2020 was a bit of a shit show. But at the very least, it made me be more aware of how I communicate. When I really put my communication skills under the microscope, I felt ashamed and wanted to take the next steps to be a better communicator. It’s funny because in the professional sense, I am great at communication. I can keep it professional and say what needs to be said without hurting anyone’s feelings. But in my personal life, my communication is not that great. I’m very blunt, and I find it hard to cover up my annoyance, anger, and frustrations – it just results in being snappy and yelling. I’ve always said that I believe I’m a writer because I can’t communicate my emotions verbally without sounding like I’m all over the place. Writing it all out gives me the opportunity to revise my words, being extra careful to get all of my points across, leaving nothing unsaid, but at the same time giving the right tone. Verbally, I’m quick with my words, and I’ve come to realize over the years that my come back game is strong, but it can be very hurtful.

But I also understand that I can only control myself, and not others. Being aware of my own actions and trying to change my ways has forced me to see where others fall short as well. I reflect a lot on who I choose to surround myself with, and how certain relationships – whether that be with friends, acquaintances, family, and other people that I have to deal with day to day – can negatively impact me. Over the years, I have found myself cutting ties, letting friendships naturally drift, and setting boundaries. But it was not always that easy. It has taken years to finally set some boundaries for myself for what I will allow and will not allow into my life.
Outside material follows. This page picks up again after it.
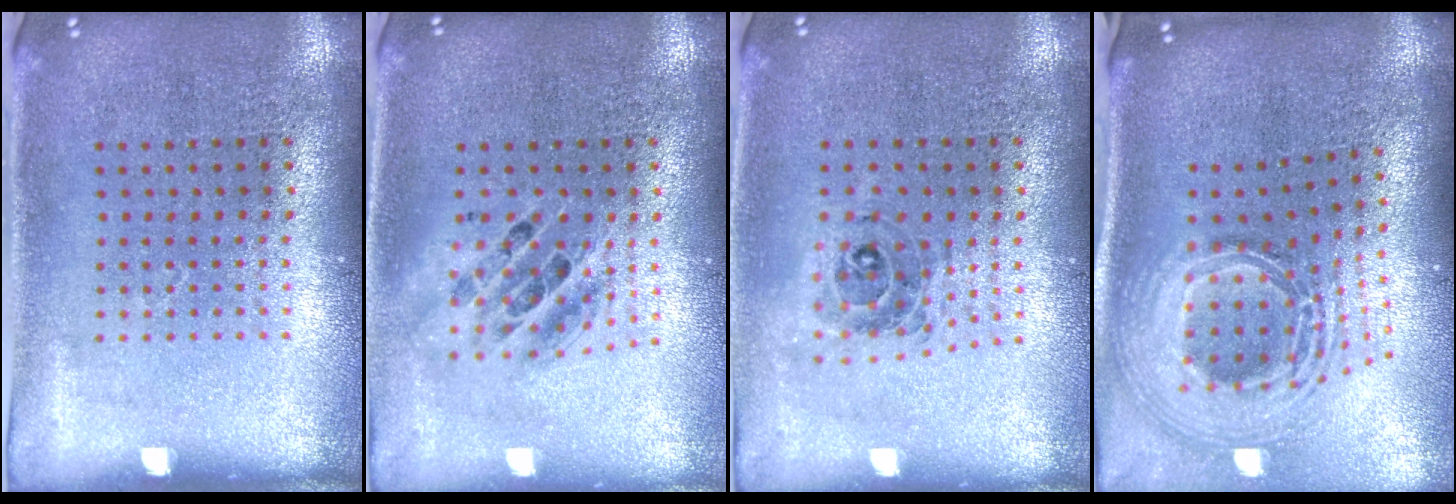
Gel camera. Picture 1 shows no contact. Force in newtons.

At this point in my life, I have tried to take more responsibility for how my words and tone can escalate a situation. Sometimes that even results in me staying silent to avoid an even bigger argument. Growing up, verbal fights weren’t over until there was an obvious winner or loser. This usually meant that someone said something so hurtful that the other person was in tears. You “win” the fight, but in the end you’re the loser for stooping so low. So now as an adult, I have to give myself constant reminders that a conversation can be had with disagreements without turning into a fight or argument. I try to apply this when I have a disagreement with my significant other, my sisters, sometimes even my parents. Like the saying goes, “it’s not what you say, but how you say it.” The importance of communication is undervalued, but I have seen instant improvements when I shift my tone or how I word things.

However, communication is a 2 way street. I can work on myself all I want, but I can’t control how others choose to communicate. How someone treats me is a reflection of themselves, and that is a pill that is hard to swallow. The truth is, not everyone will like you, and not everyone will be in your corner. How people act towards you when you are genuinely trying to better yourself is a reflection of how they feel about themselves. I’ve learned to just let it go, cut it off, and remove myself from those type of situations. Everyone has had some relationship, it could be romantic or not, that has been very negative and overbearing. It can be a relationship with your parent, or sibling, or friend, or co-worker, or in-laws, that just drains you. It can be anything from talking behind your back, saying hurtful things on purpose to hurt you, ignoring you on purpose so they make you feel like you owe them something, things that just don’t make you feel good. It may be sad to know that you are not for everyone, but it is also an eye opener to realize that not everyone is for you. You don’t have to have a relationship with people who constantly make you feel bad about yourself.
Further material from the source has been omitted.